I'm fairly new to linear algebra and I'm trying to make sense of what I'm being taught in class. I'm a little confused as to what happens when all the values of a matrix's row are equal to $0$: does this mean that the matrix has infinite solutions, no solutions, or something completely different?
[Math] What does it mean when all the values of a row in a matrix are 0
linear algebramatrices
Best Answer
Geometrically, if you have an all zero vector in a matrix (row or column; doesn't matter), it means that it represents a dimension-crushing transformation. For instance, a three-dimensional matrix with an all zero row will take three-dimensional vectors and project them into a some two-dimensional plane in three-dimensional space.
The converse isn't true: not all dimension-crushing matrices announce themselves by exhibiting such obvious zeros.
Such transformations are trap door functions: they have no inverse. Therefore, the corresponding matrices are not invertible.
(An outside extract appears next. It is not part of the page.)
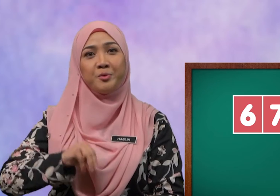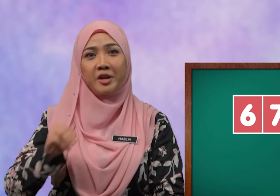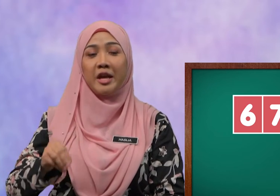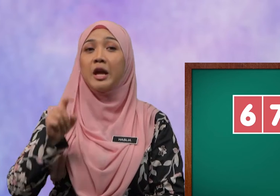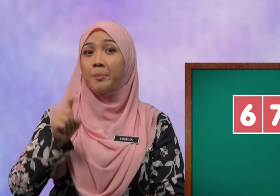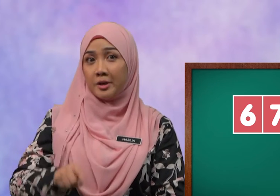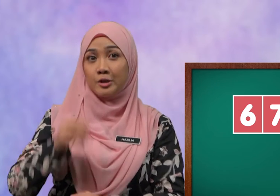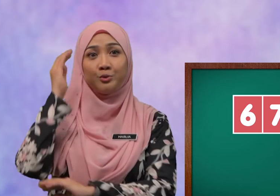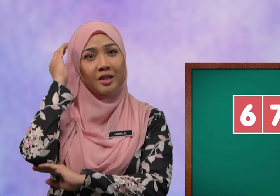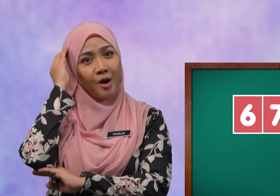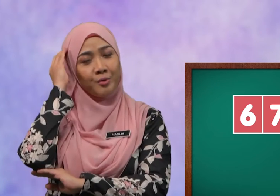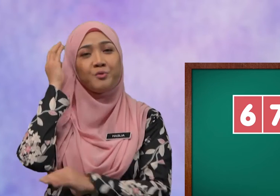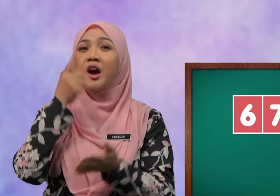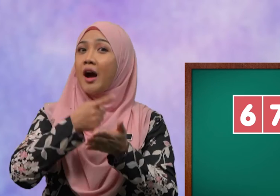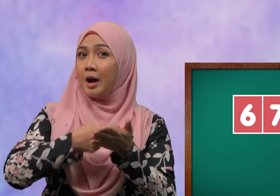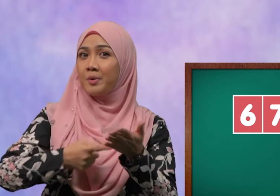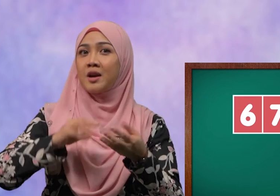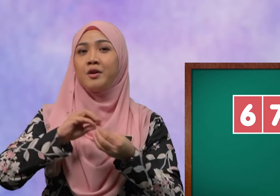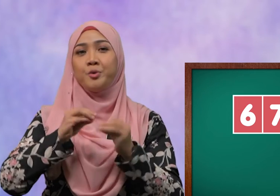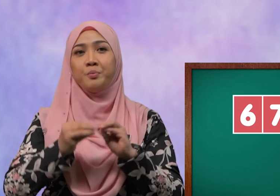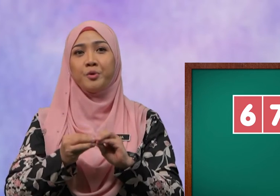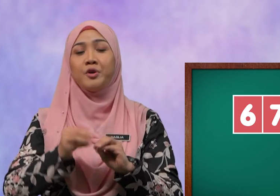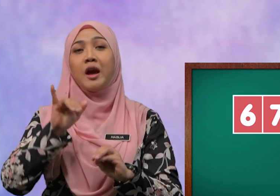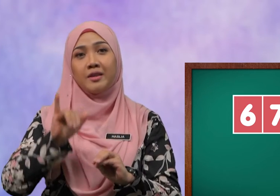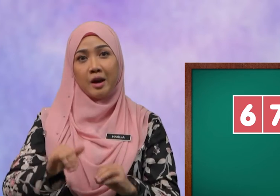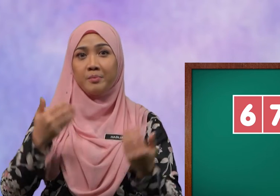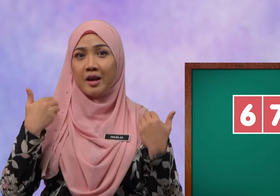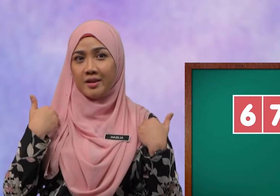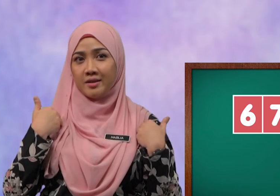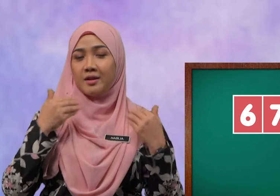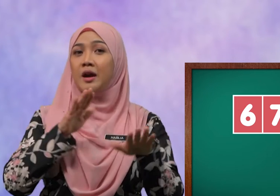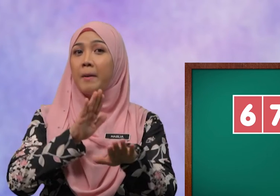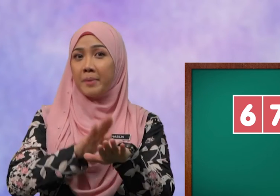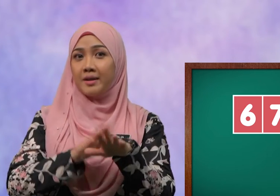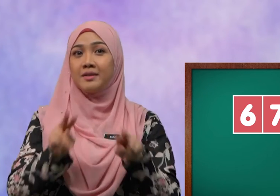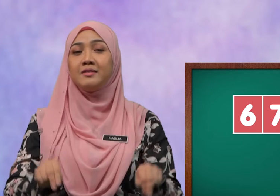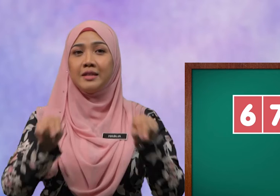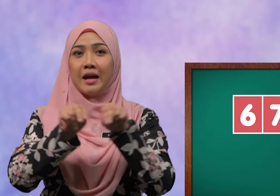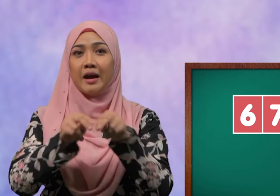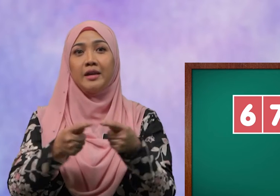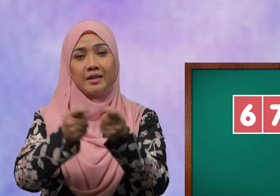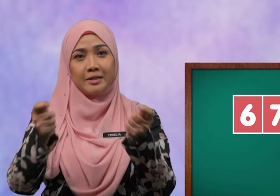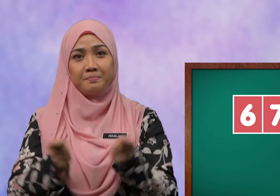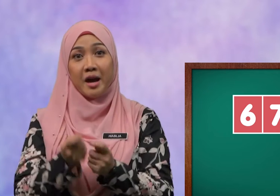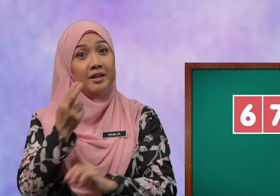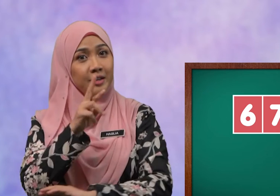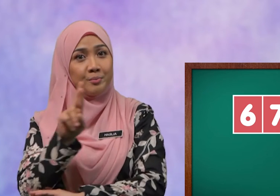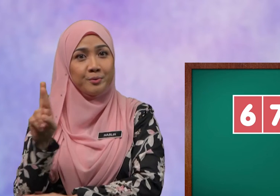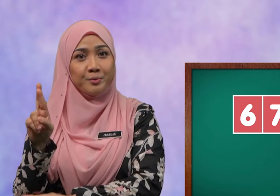-murid perlu tahu Apakah nombor yang berada pada nilai tempat ribu?

Matrices which have no inverse have a determinant of zero (and it's obvious from the way the determinant is calculated that this is so for matrices that are cross-cut by an all-zero row or column). Non-invertible matrices are called singular, or degenerate.
So, if you understand this dimension-crushing aspect, it's easy to see that $Ax = b$ might have no solutions, or many solutions, if $A$ is degenerate. Suppose that $A$ is a 3D matrix that crushes vectors into a 2D plane. Now suppose that vector $b$ lies outside of the plane. Well, then there are no solutions! There is no vector $x$ such that the matrix $A$ will project it onto $b$, because $A$ takes everything into some particular plane, and $b$ is not in that plane. Now suppose that $b$ is inside that plane. Then there are many solutions, because many vectors from 3D space project to any given point on that plane, including $b$.
So all of this gives you a whole new geometric view on systems of linear equations.